▶ _REQUIRED ACTION_
Without the images, write out the whole listing exactly.

---------- DATA IN THIS EXERCISE

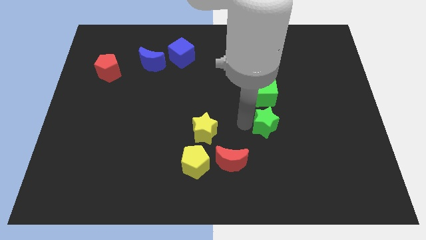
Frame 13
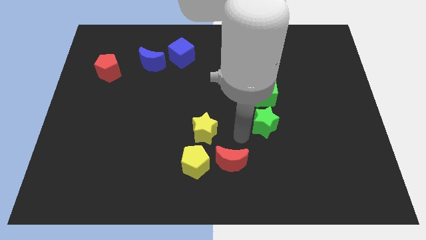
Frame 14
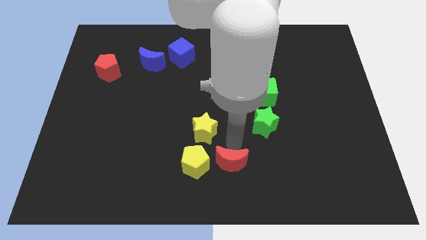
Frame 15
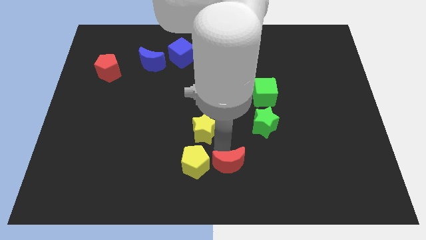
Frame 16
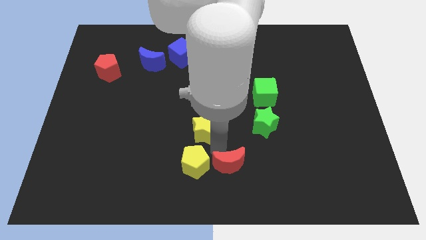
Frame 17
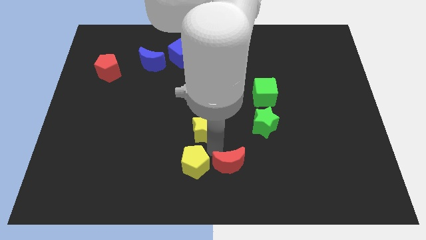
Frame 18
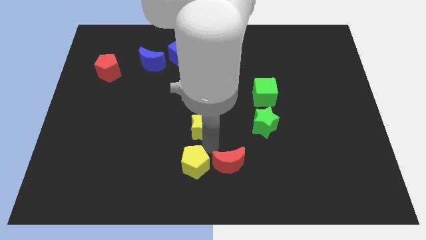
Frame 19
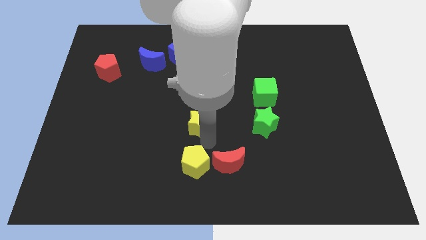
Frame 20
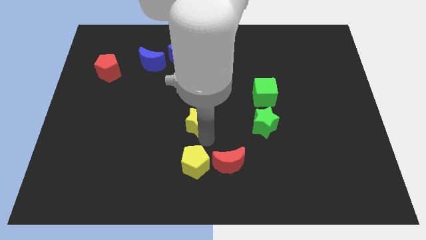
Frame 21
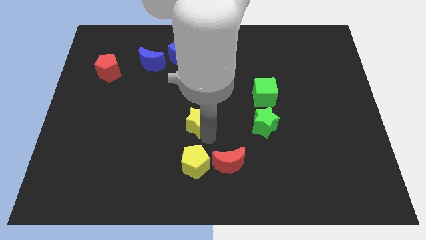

--------------------

▶ _EXPECTED ANSWER_
Frame 13
Frame 14
Frame 15
Frame 16
Frame 17
Frame 18
Frame 19
Frame 20
Frame 21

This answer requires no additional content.